Records provided:
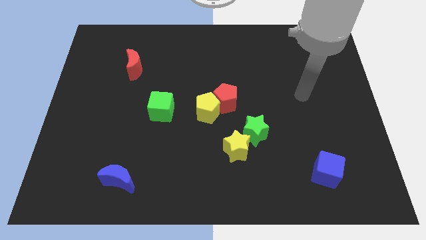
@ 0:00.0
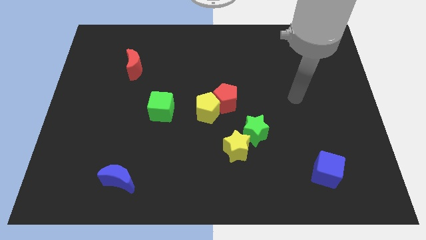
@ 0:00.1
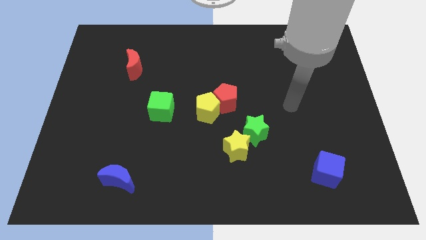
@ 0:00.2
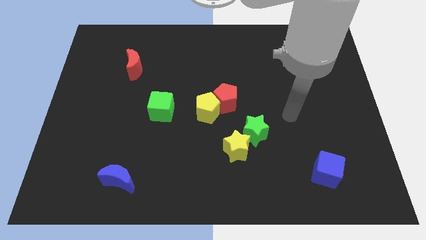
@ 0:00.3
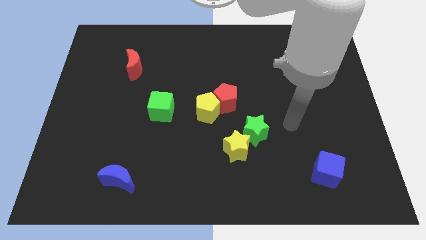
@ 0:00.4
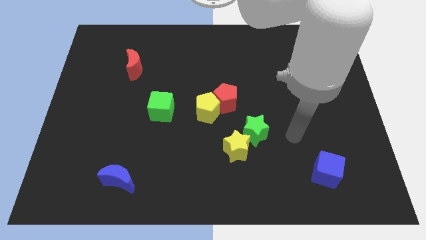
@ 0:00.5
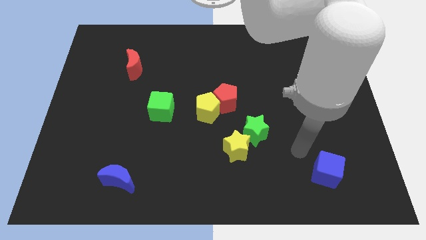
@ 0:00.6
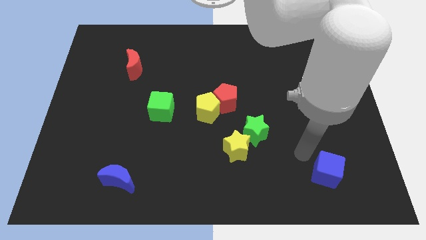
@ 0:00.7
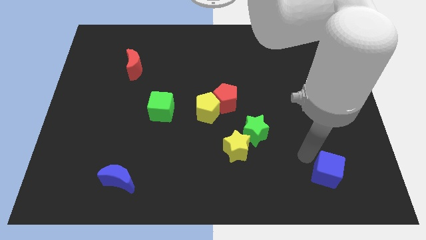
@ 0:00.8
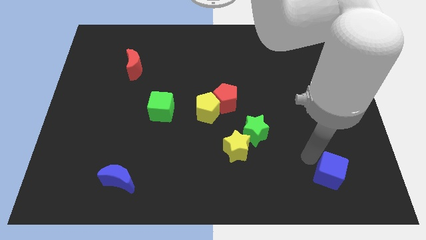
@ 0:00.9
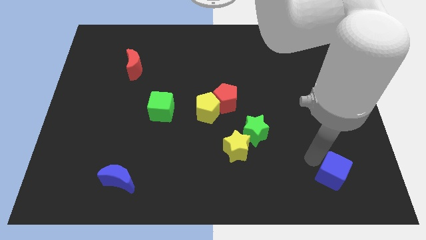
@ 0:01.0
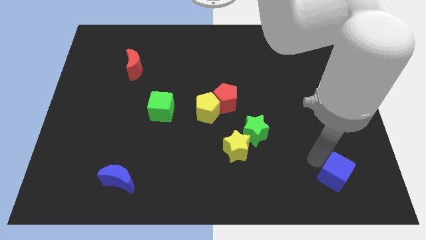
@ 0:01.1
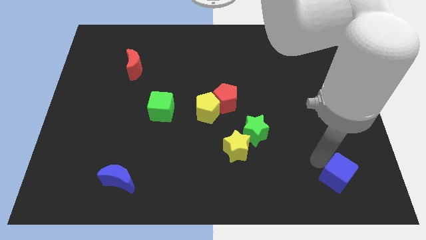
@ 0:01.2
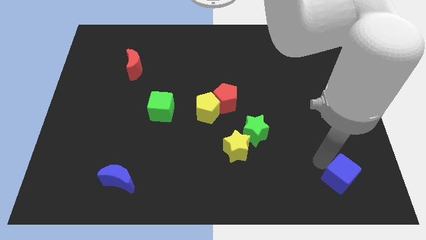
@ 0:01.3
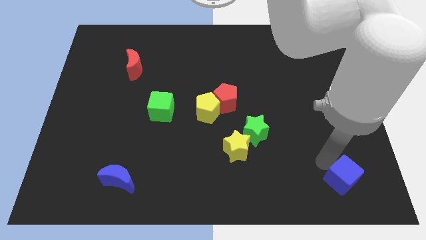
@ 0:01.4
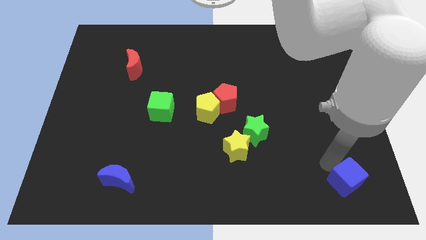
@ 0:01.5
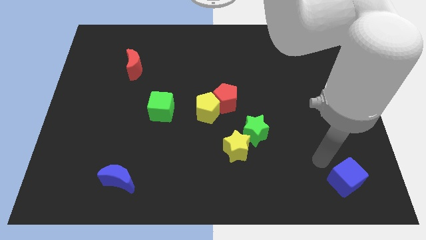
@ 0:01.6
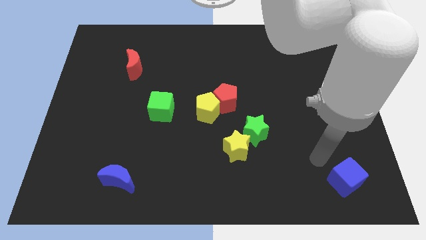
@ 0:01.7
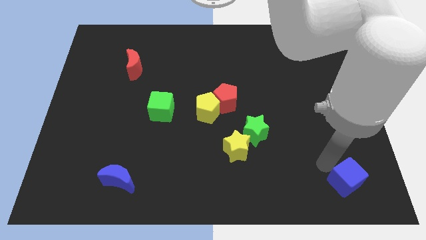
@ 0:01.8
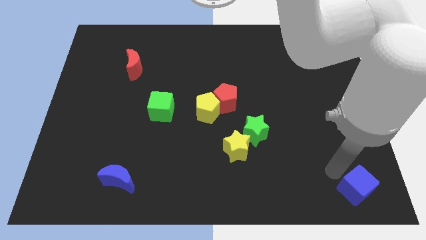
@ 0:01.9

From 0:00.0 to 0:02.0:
slide the blue cube to the bottom right of the board

Your instructions: Exclude the pictures and print the rest of the data exactly.

Solution for this exercise:
@ 0:00.0
@ 0:00.1
@ 0:00.2
@ 0:00.3
@ 0:00.4
@ 0:00.5
@ 0:00.6
@ 0:00.7
@ 0:00.8
@ 0:00.9
@ 0:01.0
@ 0:01.1
@ 0:01.2
@ 0:01.3
@ 0:01.4
@ 0:01.5
@ 0:01.6
@ 0:01.7
@ 0:01.8
@ 0:01.9

From 0:00.0 to 0:02.0:
slide the blue cube to the bottom right of the board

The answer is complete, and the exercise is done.